Compilation album by Hank Locklin
- Released: August 1966
- Genre: Country; Nashville Sound;
- Label: RCA Victor
- Producer: Chet Atkins

Hank Locklin chronology
| The Gloryland Way (1966) | The Best of Hank Locklin (1966) | Send Me the Pillow You Dream On and Other Great Country Hits (1967) |

= The Best of Hank Locklin =

The Best of Hank Locklin is a compilation album by American country singer–songwriter Hank Locklin. It was released in August 1966 via RCA Victor Records and contained 12 tracks of re-released material. The album was a collection of Locklin's biggest hit songs up to that point. It was his second compilation record for the RCA Victor label. The album received positive reviews following its release.
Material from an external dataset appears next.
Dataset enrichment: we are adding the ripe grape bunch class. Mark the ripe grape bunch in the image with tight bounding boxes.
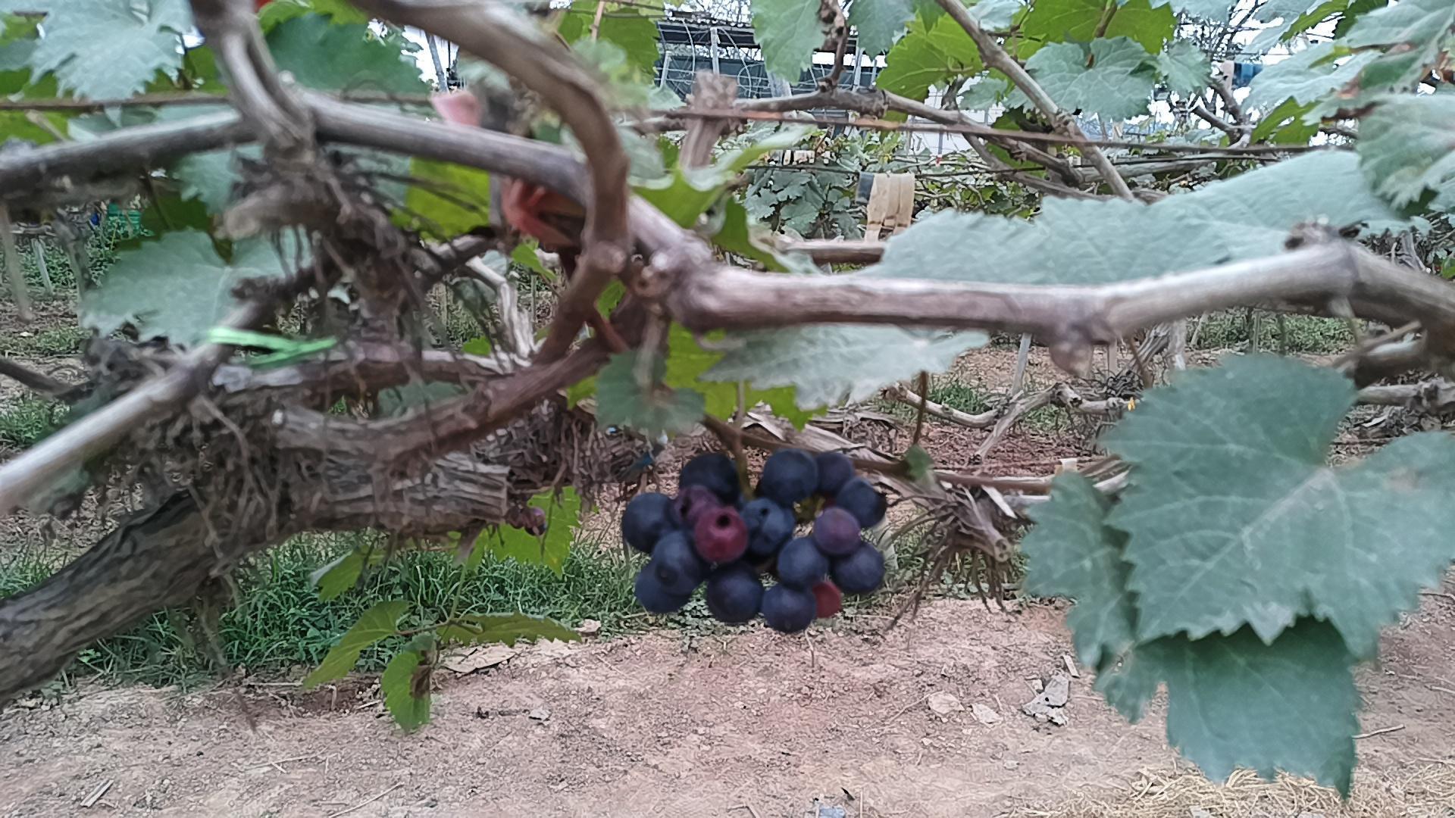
[621,448,886,634]

==Background, release and reception==
After Hank Locklin signed with RCA Victor Records in the late 1950s, he had his greatest commercial success. He had several major hits with songs like "Send Me the Pillow You Dream On," "Geisha Girl" and the crossover hit "Please Help Me, I'm Falling". RCA released a series of studio recordings during the 1960s following his success. The Best of Hank Locklin was his first compilation release for the label.
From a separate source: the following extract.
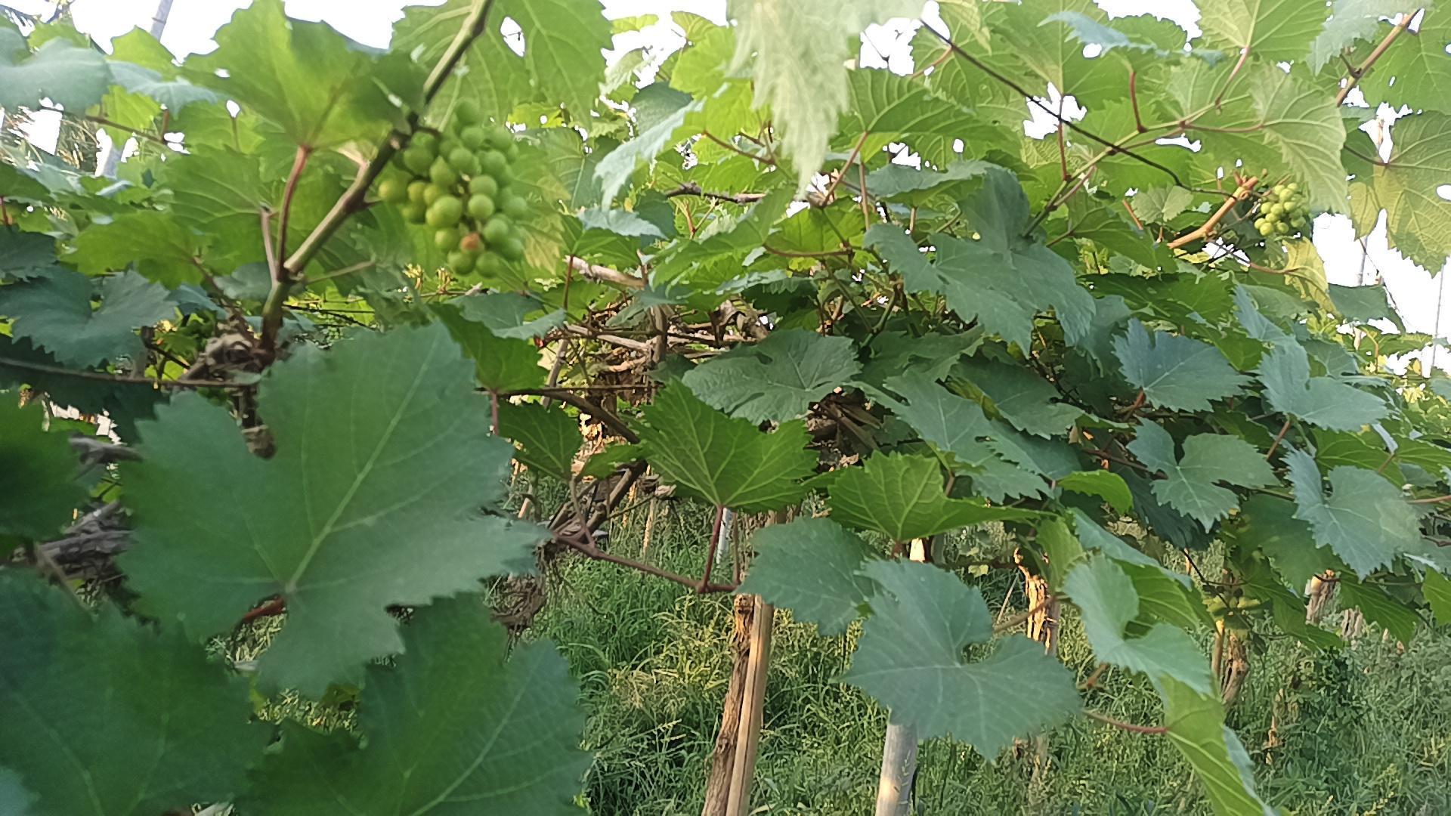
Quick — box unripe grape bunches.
[378,102,526,277]
[1250,183,1312,241]

The compilation contained a total of 12 tracks. Contained on the album were Locklin's previous hits "Please Help Me, I'm Falling", "Send Me the Pillow You Dream On", "Geisha Girl", "It's a Little More Like Heaven", "From Here to There to You", "Happy Journey", "Flying South", and a remake of 1953's "Let Me Be the One." Other tracks on the album were not originally released as a singles, with the exception of "I Was Coming Home to You".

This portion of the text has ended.